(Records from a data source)
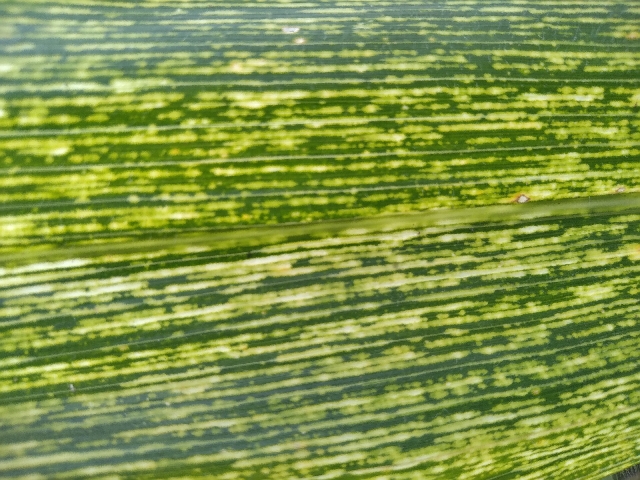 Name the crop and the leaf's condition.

maize, maize streak virus
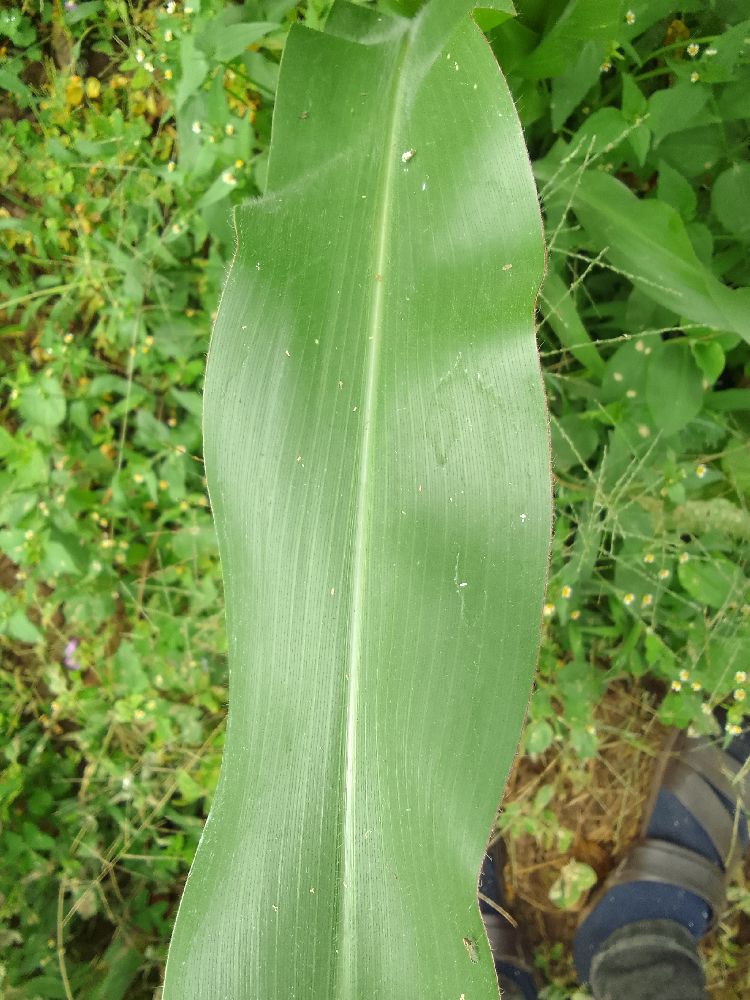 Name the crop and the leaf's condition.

maize, healthy
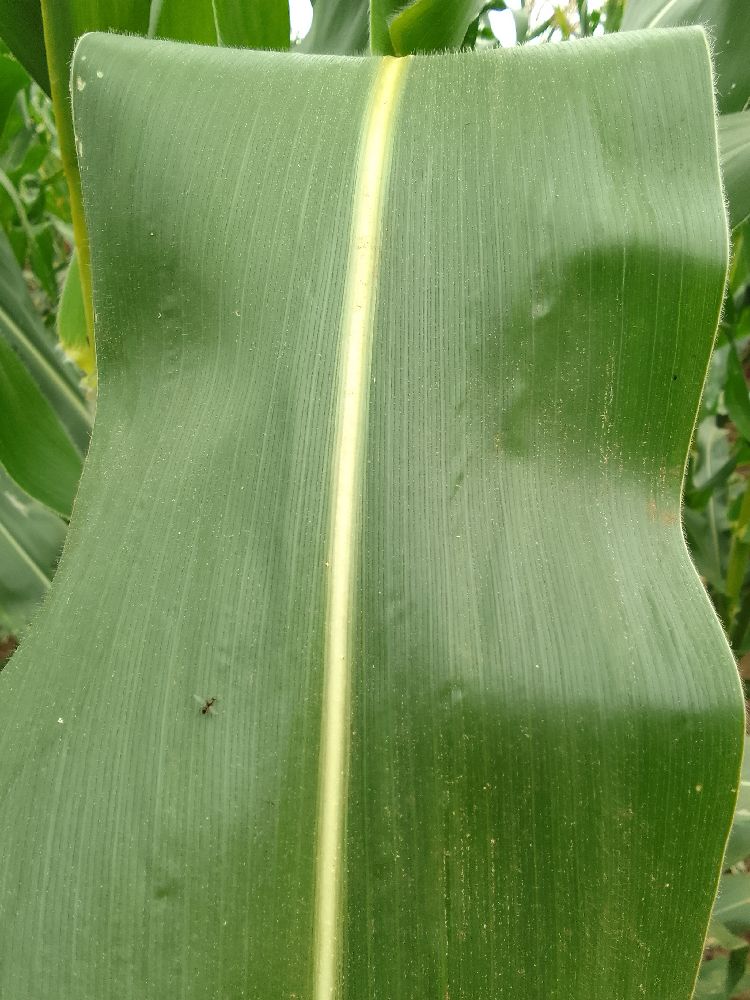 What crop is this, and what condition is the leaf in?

maize, healthy
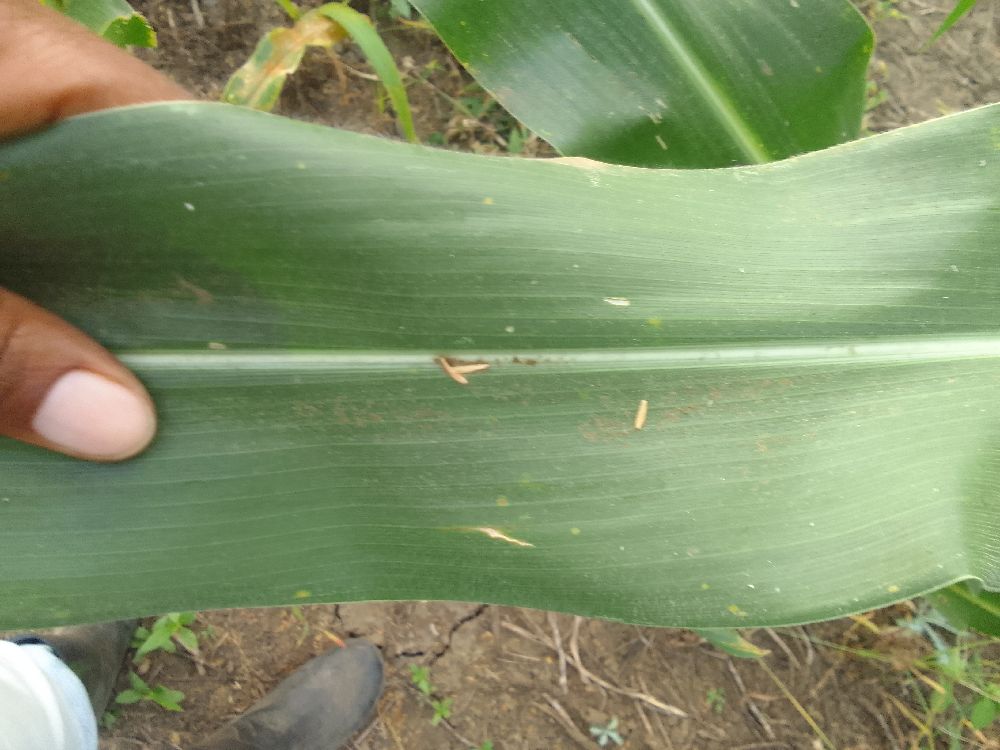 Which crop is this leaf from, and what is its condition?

* **TASK TO COMPLETE**
If an entry holds a picture, skip the picture and print the rest of the data exactly.

* **OUTPUT BELOW**
 Name the crop and the leaf's condition.

maize, maize streak virus
 Name the crop and the leaf's condition.

maize, healthy
 What crop is this, and what condition is the leaf in?

maize, healthy
 Which crop is this leaf from, and what is its condition?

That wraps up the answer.